__Information provided__

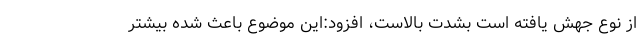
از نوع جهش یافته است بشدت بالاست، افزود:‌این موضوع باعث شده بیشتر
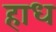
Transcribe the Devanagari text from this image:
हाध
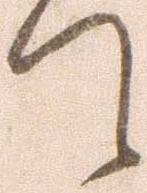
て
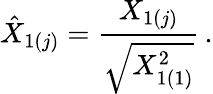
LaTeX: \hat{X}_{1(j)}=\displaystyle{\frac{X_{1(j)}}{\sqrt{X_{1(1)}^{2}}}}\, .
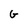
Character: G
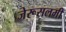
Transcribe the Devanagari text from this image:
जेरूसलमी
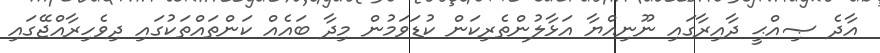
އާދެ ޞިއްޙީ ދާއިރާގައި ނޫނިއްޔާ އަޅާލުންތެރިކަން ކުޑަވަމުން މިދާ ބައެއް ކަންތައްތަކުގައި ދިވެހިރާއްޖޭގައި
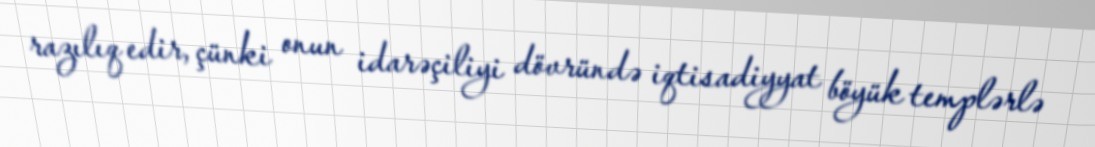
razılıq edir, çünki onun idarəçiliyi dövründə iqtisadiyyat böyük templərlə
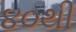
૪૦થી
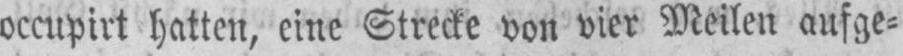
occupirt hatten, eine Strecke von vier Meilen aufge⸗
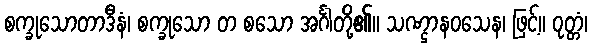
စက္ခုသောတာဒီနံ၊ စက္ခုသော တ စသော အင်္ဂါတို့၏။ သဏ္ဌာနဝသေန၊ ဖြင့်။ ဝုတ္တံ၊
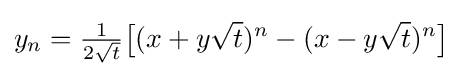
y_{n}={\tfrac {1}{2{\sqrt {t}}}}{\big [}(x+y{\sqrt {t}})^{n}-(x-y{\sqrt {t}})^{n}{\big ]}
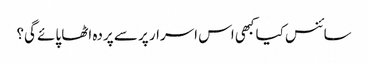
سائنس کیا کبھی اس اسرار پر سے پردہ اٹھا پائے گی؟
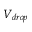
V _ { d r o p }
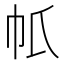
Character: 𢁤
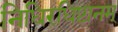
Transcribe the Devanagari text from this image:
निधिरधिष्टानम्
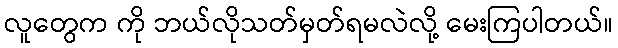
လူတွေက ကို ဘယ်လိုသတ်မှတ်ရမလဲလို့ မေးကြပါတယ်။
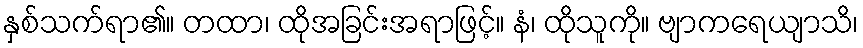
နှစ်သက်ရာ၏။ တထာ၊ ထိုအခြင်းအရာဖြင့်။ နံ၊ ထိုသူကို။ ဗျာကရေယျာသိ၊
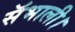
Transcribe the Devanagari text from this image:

__Task statement__
The reply needs to repeat exactly the line containing "Character: 𢁤" and each line after it, through the final line of the entries above, and to skip the pictures.

__Output for this exercise__
Character: 𢁤
Transcribe the Devanagari text from this image:
निधिरधिष्टानम्
လူတွေက ကို ဘယ်လိုသတ်မှတ်ရမလဲလို့ မေးကြပါတယ်။
နှစ်သက်ရာ၏။ တထာ၊ ထိုအခြင်းအရာဖြင့်။ နံ၊ ထိုသူကို။ ဗျာကရေယျာသိ၊
Transcribe the Devanagari text from this image:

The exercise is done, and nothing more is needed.